# Are Maxwell's equations "physical"?

Just a quick complaint about naming first: Maxwell's equations are written in terms of the electric and magnetic fields, which are physical degrees of freedom. You're instead talking about the Euler-Lagrange equations of the Maxwell Lagrangian.

At the classical level, if we want to write electromagnetism in terms of a four-potential, that potential has to have a gauge symmetry to avoid redundancy. If you don't have a gauge symmetry, the theory simply won't be classical electromagnetism. Instead, waves with a fixed wavevector will have three independent polarizations.

However, such a theory has a deep problem: the equation of motion $\partial_\mu F^{\mu\nu} = 0$ only suffices to determine the evolution of the fields, not the potentials. That is, the classical theory is not deterministic! This directly corresponds to a loss of unitarity at the quantum level. Both these features are sufficiently bad that some would say gauge symmetry is a *requirement* for the theory to make sense.

Note that this *isn't* true if you add a mass term $m^2 A_\mu A^\mu$ to the Lagrangian; in this case the equation of motion is simply the Klein-Gordan equation for each component. This is the Proca theory, which makes perfect sense without gauge symmetry. However, the problems are reintroduced when the mass goes to zero. As such, gauge symmetry for the massless theory isn't really a choice, and it's not specific to quantization either; it's instead required at the classical level and transferred to the quantum.

You are correct that there are gauge degrees of freedom in the solution for $A_\mu$ - precisely the ordinary gauge transformations. But $A$ is not physical, the electromagnetic field strength $F$ is. There are no gauge degrees of freedom in $F$, and

*as an equation for $F$*Maxwell's equations are physical.The polarization of the classical $A_\mu$ has nothing to do with any photons. There are no photons in a classical theory. Maxwell's equations alone classically fully suffice to allow only transverse EM waves, see e.g. this question and its answers.

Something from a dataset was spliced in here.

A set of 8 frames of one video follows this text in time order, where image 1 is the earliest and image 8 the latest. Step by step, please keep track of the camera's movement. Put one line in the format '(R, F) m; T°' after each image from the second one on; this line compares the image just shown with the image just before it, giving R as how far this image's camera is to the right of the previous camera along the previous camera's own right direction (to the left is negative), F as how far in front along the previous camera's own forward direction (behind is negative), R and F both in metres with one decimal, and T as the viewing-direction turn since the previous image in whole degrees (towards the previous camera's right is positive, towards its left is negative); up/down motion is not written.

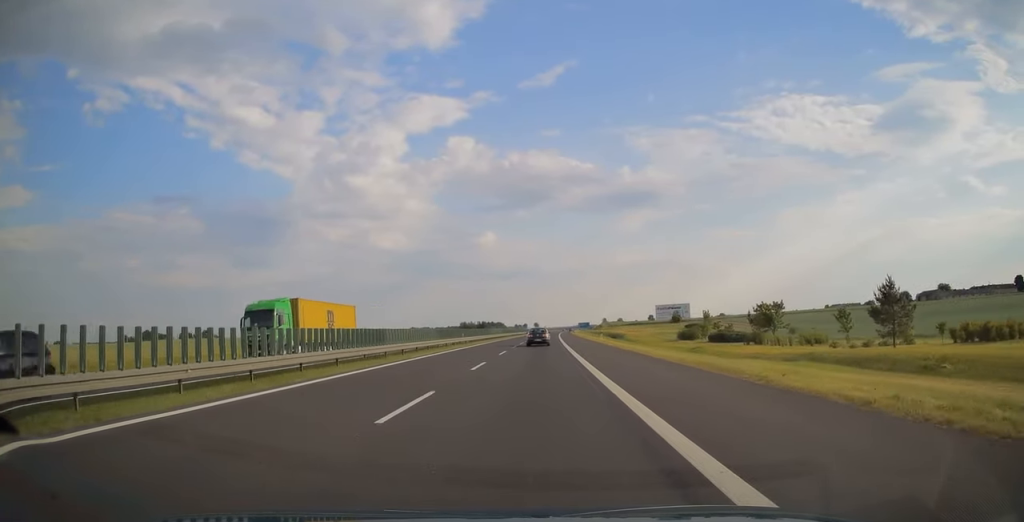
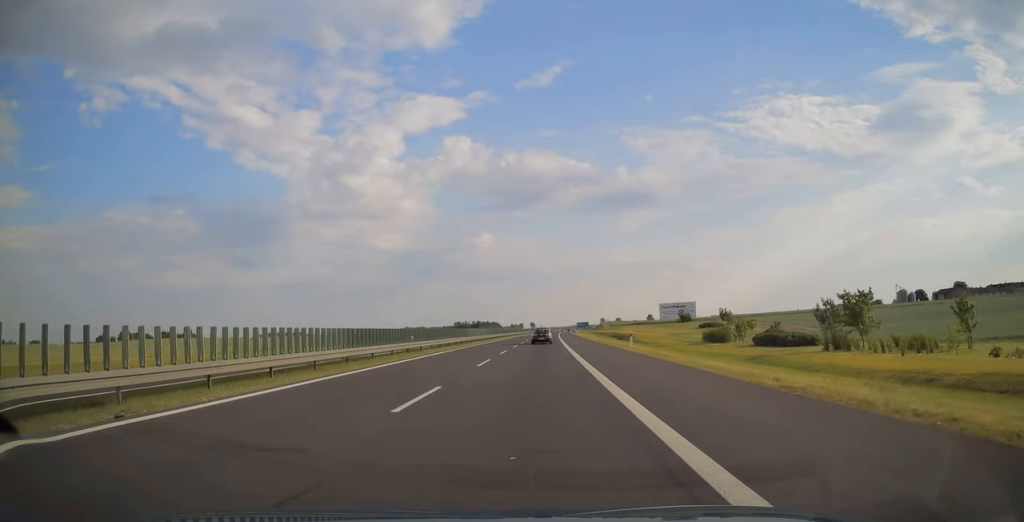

The two answers above are respectable answers and reflect the present theory. I have a different answer, namely that th epotential is physical, and I have proven that it is the only correct one. 19 years ago I published a paper with a different formulation. It starts out with the Fermi Lagrangian ${\cal L}= \frac{1}{2} \epsilon_0 \partial_\mu A_\nu \partial^\mu A^\nu$, to arrive at the wave equation $\partial_\mu \partial^\mu A^\nu = \mu_0 j^\nu$. The potential $A^\nu$ is uniquely determined by the requirement of causality. Since the wave equation is bijective, current conservation, $\partial_\mu j^\mu = 0$ implies $\partial_\mu A^\mu = 0$ and vice versa. That is, only the transversal part of the solution space describes the field of conserved current. I show that the Lorentz force follows. The solution of the wave equation can be written in terms of a propagator, which is simply the Green's function of the d'Alembertian operator $\partial_mu \partial^\mu$.

Let me explain why I say that this formulation is the only correct one. In principle my formulation predict exactly the same measurement outcome as long as only electromagnetism is considered. The definitive argument however comes from gravitation. An electromagnetic energy-momentum distribution implies a gravitational field. In my theory the EM distribution is the Nöther distribution of the (Fermi) Lagrangian. This is not the case for the gauge invariant theory. The standard EM distribution of the Belinfante-Rosenfeld Lagrangian is an ad hoc modification of the Nöther form, and by this an ad hoc modification of the gravitational field. This ad hoc modification is necessary because the BR Lagrangian implies a non-gauge invariant, asymmetric (GRT requires symmetry) Nöther form.

There are many advantages to this formulation, as you can see for yourself in the paper.